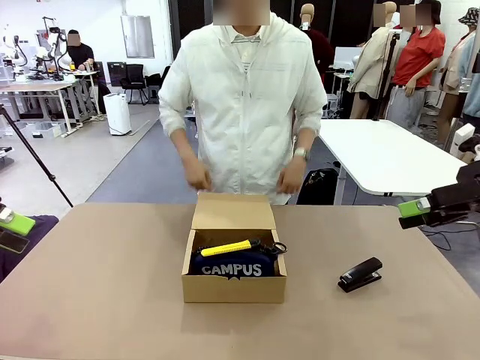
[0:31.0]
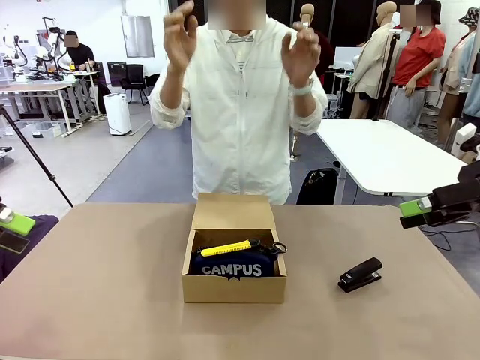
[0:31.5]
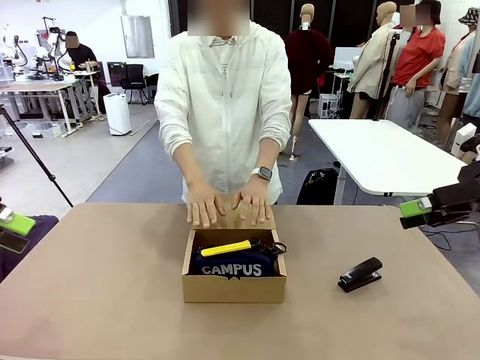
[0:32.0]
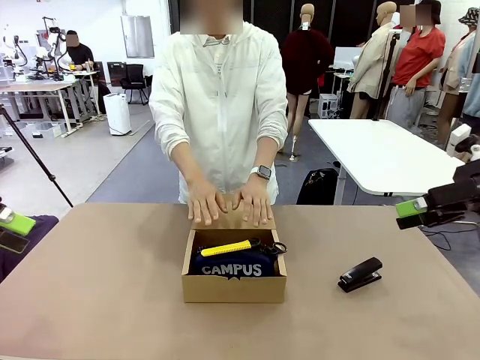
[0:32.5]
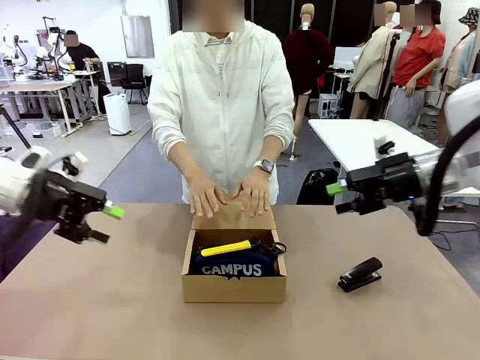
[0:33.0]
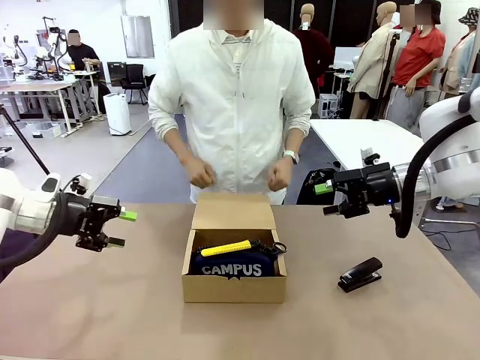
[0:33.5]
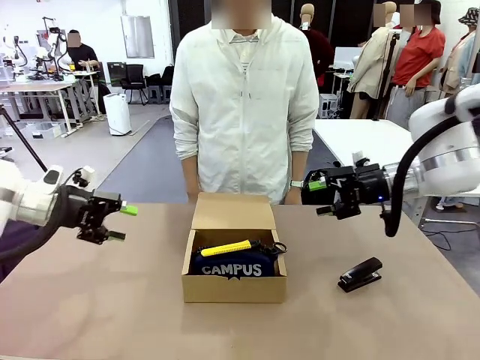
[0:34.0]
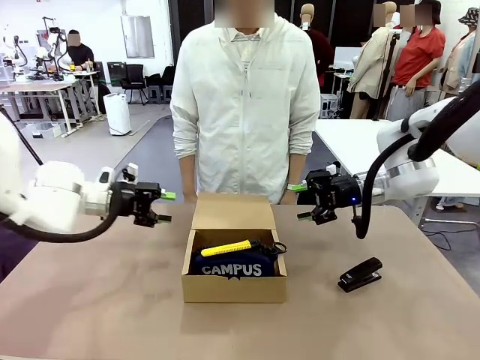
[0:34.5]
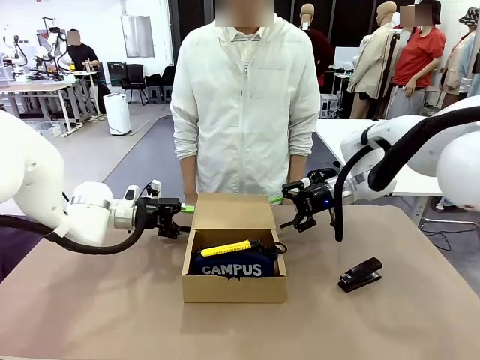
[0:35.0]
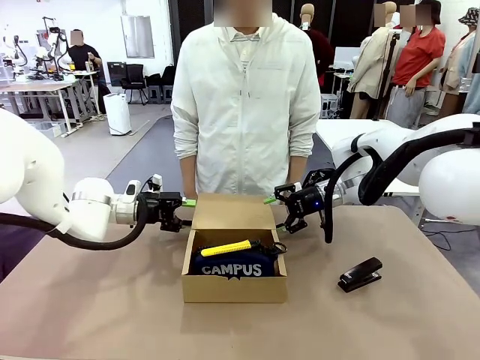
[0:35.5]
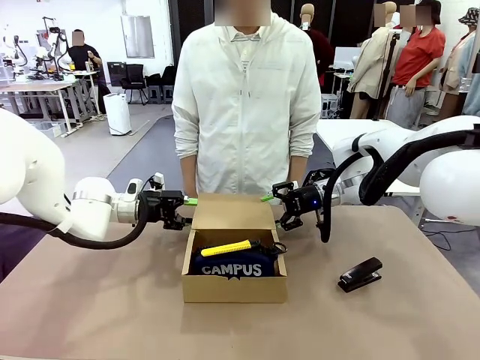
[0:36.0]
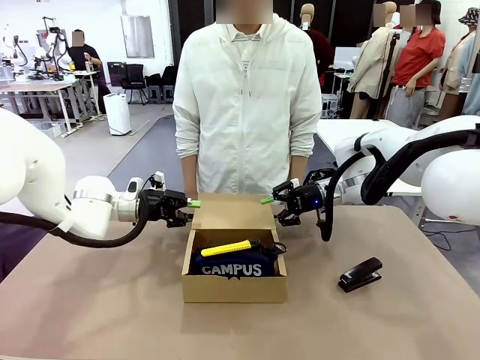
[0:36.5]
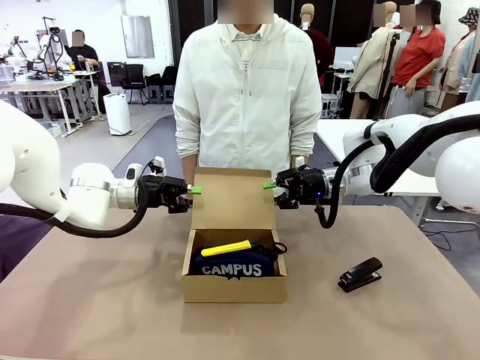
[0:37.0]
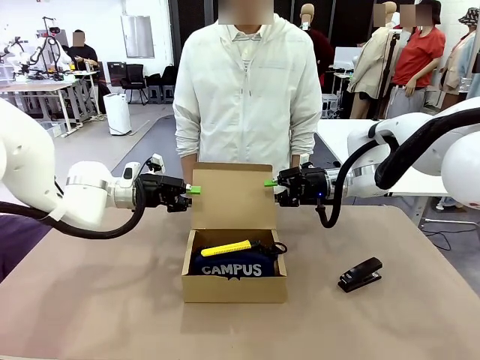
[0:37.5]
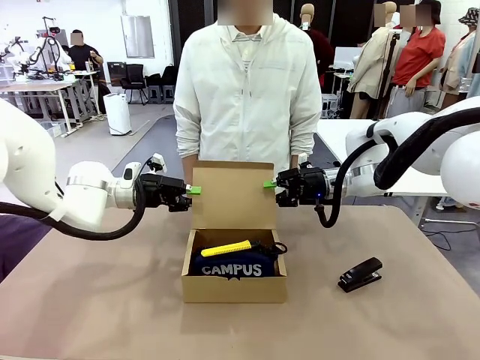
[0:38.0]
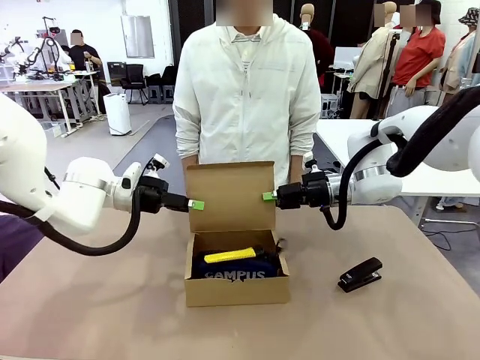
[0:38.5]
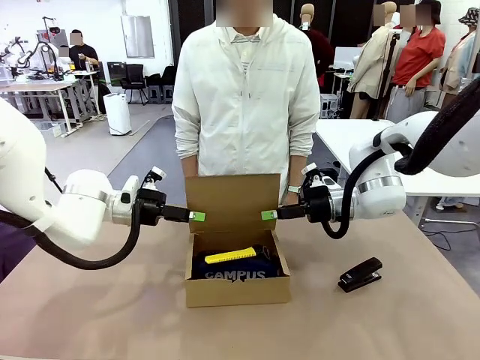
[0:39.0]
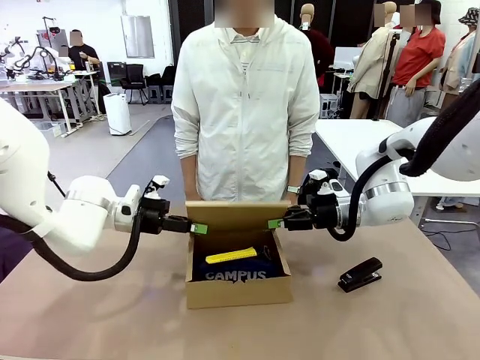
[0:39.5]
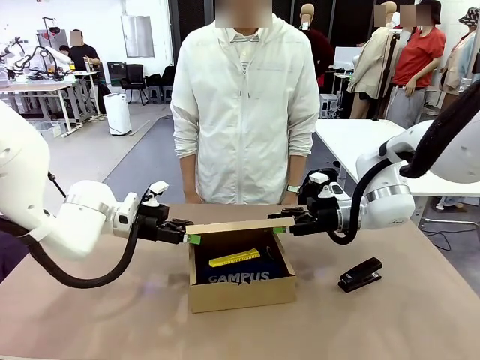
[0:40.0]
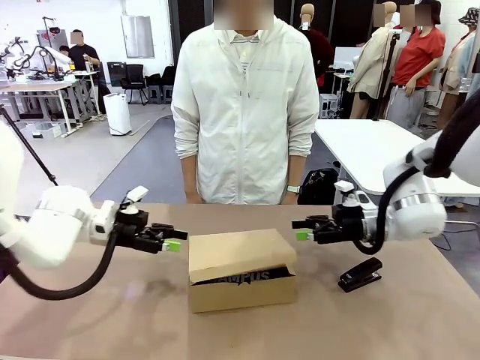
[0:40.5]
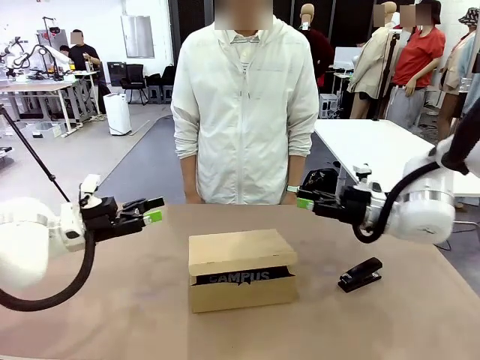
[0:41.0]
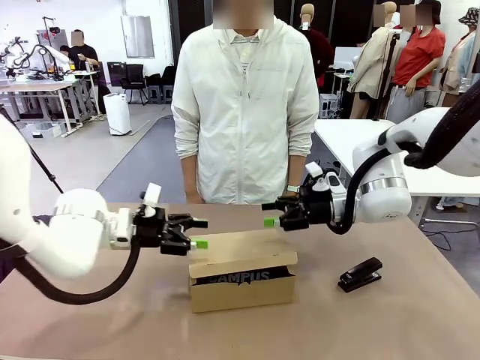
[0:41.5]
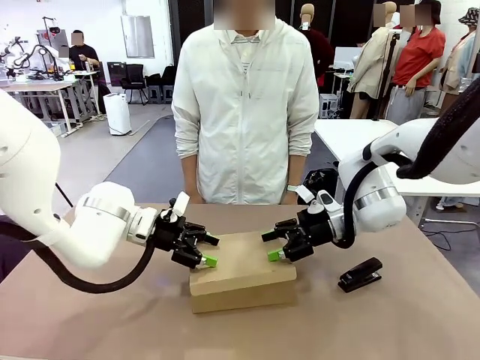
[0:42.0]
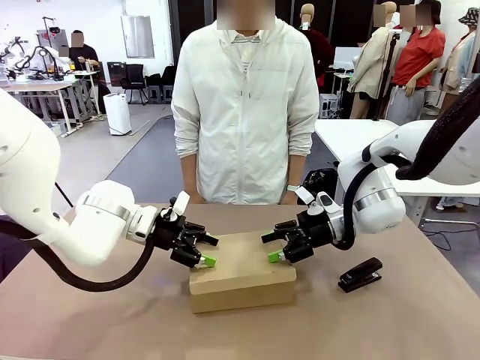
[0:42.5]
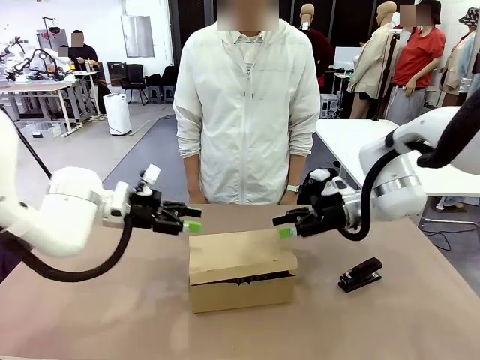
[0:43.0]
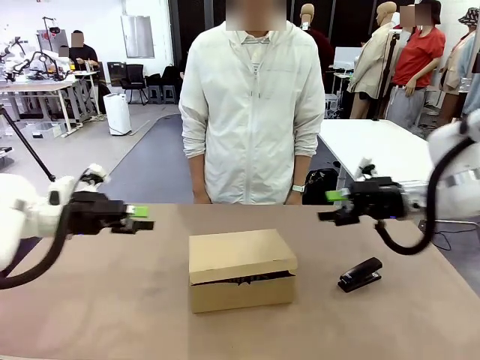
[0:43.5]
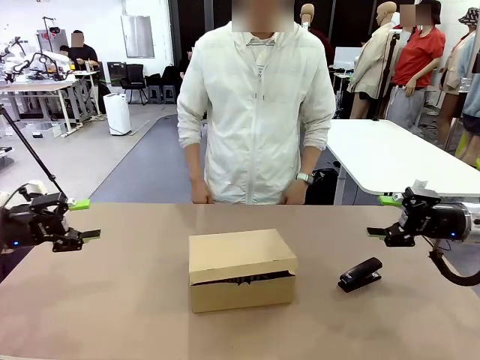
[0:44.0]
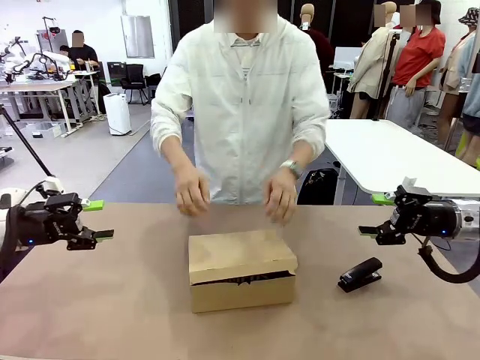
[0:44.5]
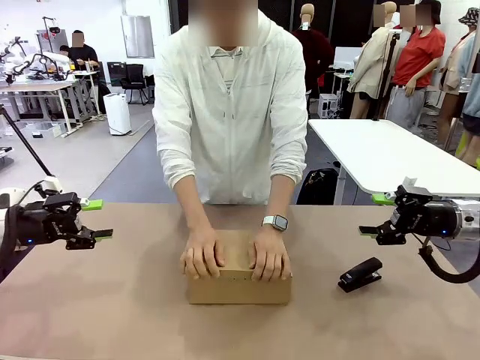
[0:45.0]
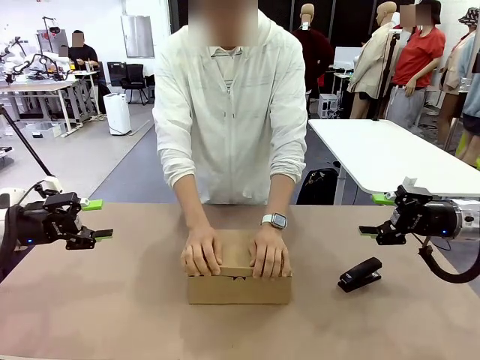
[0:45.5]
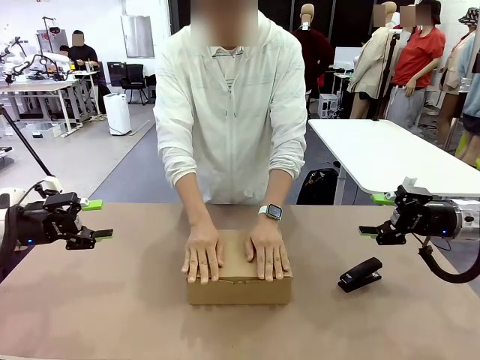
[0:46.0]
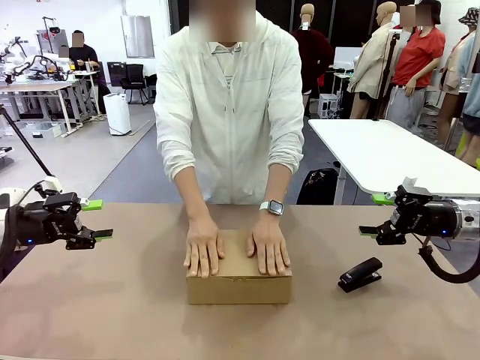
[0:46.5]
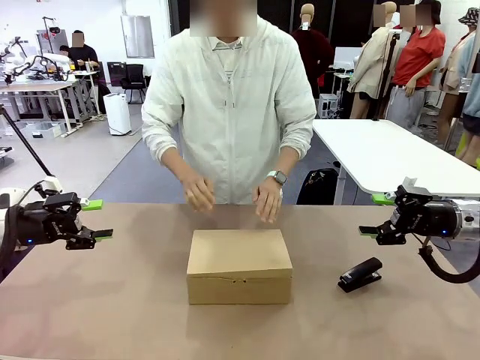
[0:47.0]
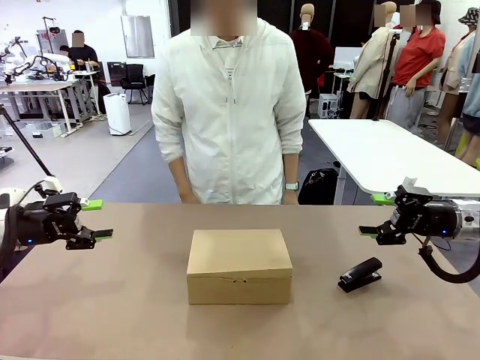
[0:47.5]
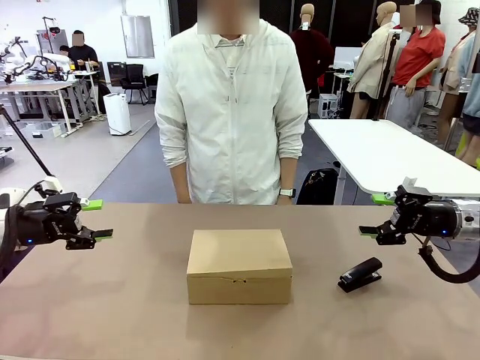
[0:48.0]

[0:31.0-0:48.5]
Task: Pack the items into the box.
Robot: Close the Mailer Box.
Person: Turn the box and lock it.

::::::::::

WORK INSTRUCTIONS — Repeat each line of the records above exactly, but do not copy the pictures.

SOLUTION FOR THIS EXERCISE —
[0:31.0]
[0:31.5]
[0:32.0]
[0:32.5]
[0:33.0]
[0:33.5]
[0:34.0]
[0:34.5]
[0:35.0]
[0:35.5]
[0:36.0]
[0:36.5]
[0:37.0]
[0:37.5]
[0:38.0]
[0:38.5]
[0:39.0]
[0:39.5]
[0:40.0]
[0:40.5]
[0:41.0]
[0:41.5]
[0:42.0]
[0:42.5]
[0:43.0]
[0:43.5]
[0:44.0]
[0:44.5]
[0:45.0]
[0:45.5]
[0:46.0]
[0:46.5]
[0:47.0]
[0:47.5]
[0:48.0]

[0:31.0-0:48.5]
Task: Pack the items into the box.
Robot: Close the Mailer Box.
Person: Turn the box and lock it.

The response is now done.